Снимали мы и у нас в Азербайджане, и в Самарканде… И вот съемки закончены. Двухсерийный художественный фильм получился на любителя, не массовый. Хотя все там красиво, изысканно, я бы сказал, орнаментально красиво, истинно по-восточному. Поэзия, философия, плавность мыслей и, соответственно, действия, размышления о жизни, о любви, о смерти…
Правда, с озвучиванием получилось не очень складно. Эльдар решил пощадить меня. Кто знает, тот поймет, как это непросто делать без достаточного навыка: живая, пластичная речь должна точно лечь на отснятые кадры. Это как поэзия на готовую музыку, такое не каждый потянет.

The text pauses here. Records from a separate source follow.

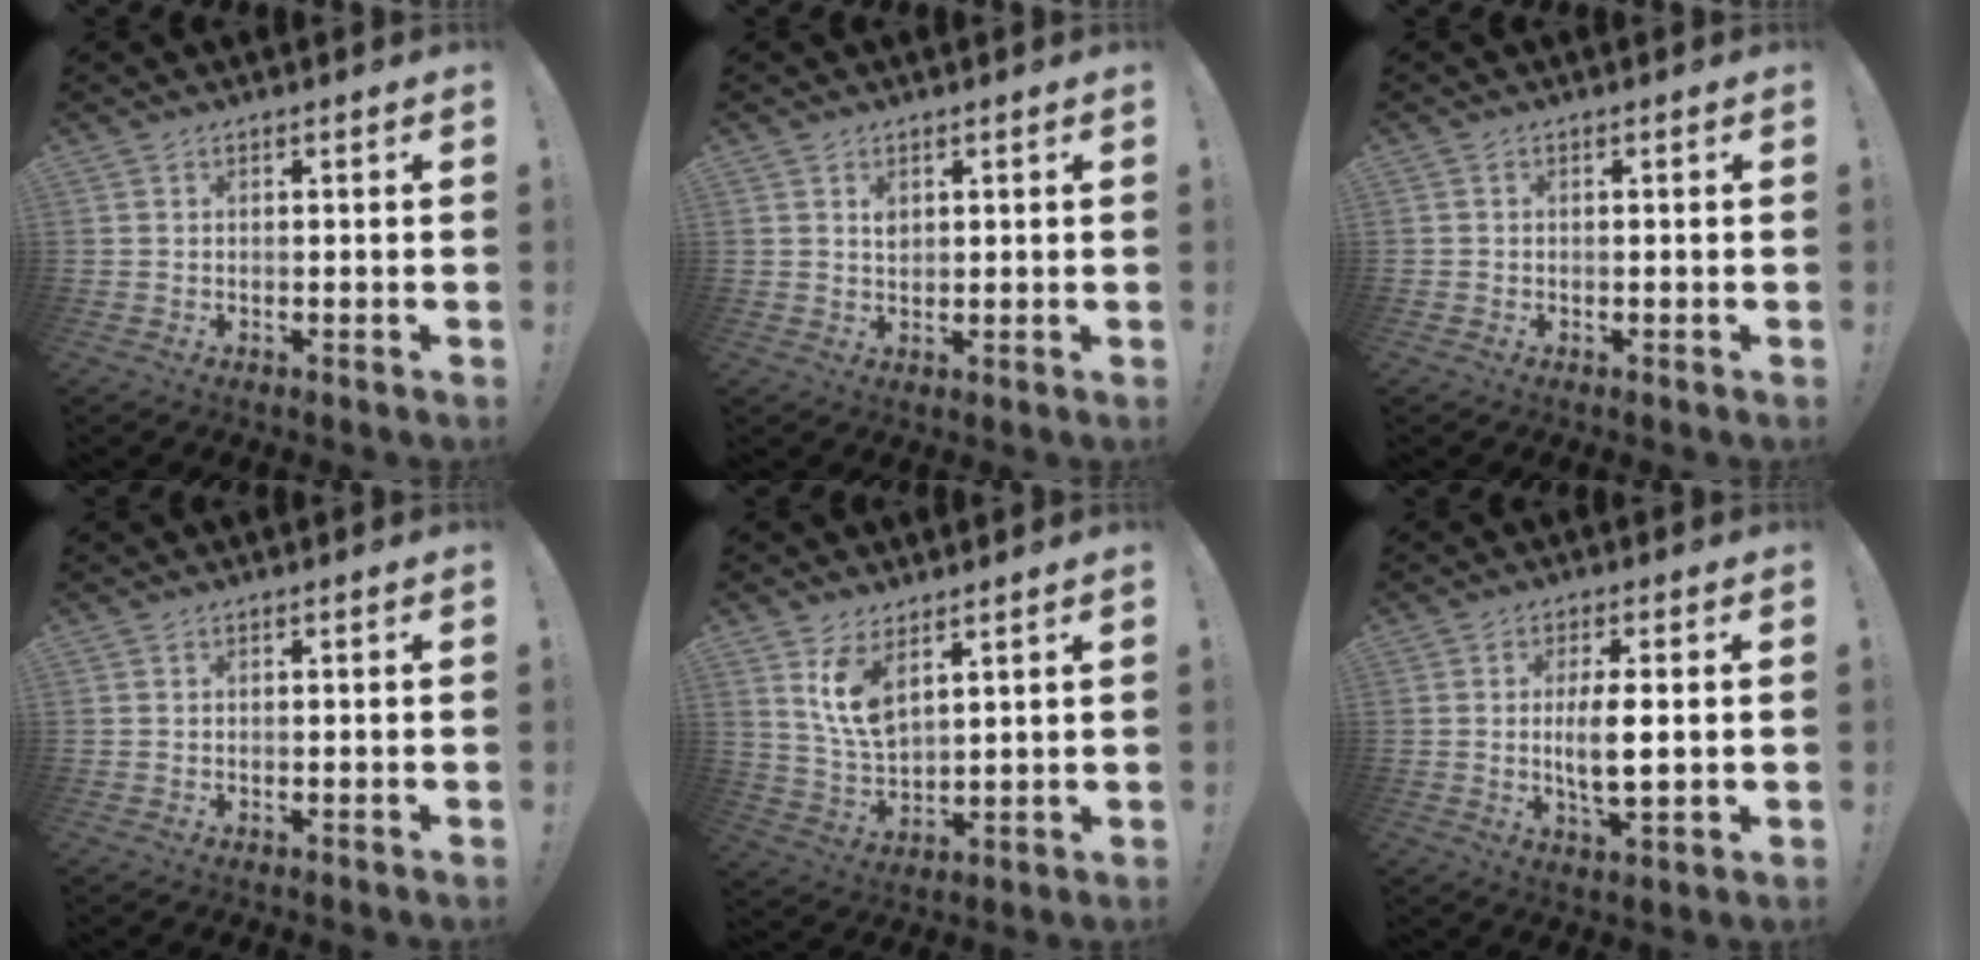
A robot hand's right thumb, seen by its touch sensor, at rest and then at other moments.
{"total": 2.2, "force": [1.2, 1.5, 1.0], "torque": [-0.011, -0.004, 0.019]}
{"total": 0.8, "force": [-0.2, 0.7, 0.1], "torque": [-0.004, 0.004, -0.003]}
{"total": 0.0}
{"total": 10.0, "force": [6.0, 5.0, 6.1], "torque": [-0.122, -0.030, 0.116]}
{"total": 7.8, "force": [0.3, 2.1, 7.5], "torque": [-0.143, -0.012, -0.001]}

Я высказал Эльдару пожелание — так как фильм исторический, а содержание серьезное, то лучше пригласить на озвучивание Низами Иннокентия Смоктуновского. Этот удивительный актер так владел интонацией, так чувствовал текст, что самые обычные слова в его устах становились значительными, приобретали какой-то глубинный смысл. Что уж говорить о философских размышлениях Низами. Но или времени у Эльдара Кулиева не хватило, или Смоктуновский не смог, только договорился режиссер с Вячеславом Тихоновым. Актер он прекрасный, что и говорить! Но вот голос его не совпадал с обликом азербайджанского поэта-классика. Бывает такое. Голос — это тоже целый мир со своими ассоциациями. Шейх Низами и Штирлиц-Тихонов не хотели совпадать.
На просмотре фильма в Баку был и Гейдар Алиевич Алиев. Ему понравилось, но он отметил два недостатка, которых можно было бы избежать. Во-первых, он тоже почувствовал вялость действия: надо было обострить сюжет, придумать что-нибудь поживее. А во-вторых, заметил он, лучше бы сам Муслим озвучил, голос должен совпадать с внешним обликом. «По-моему, — улыбнулся Гейдар Алиевич, — твой голос вполне подходит к твоей внешности».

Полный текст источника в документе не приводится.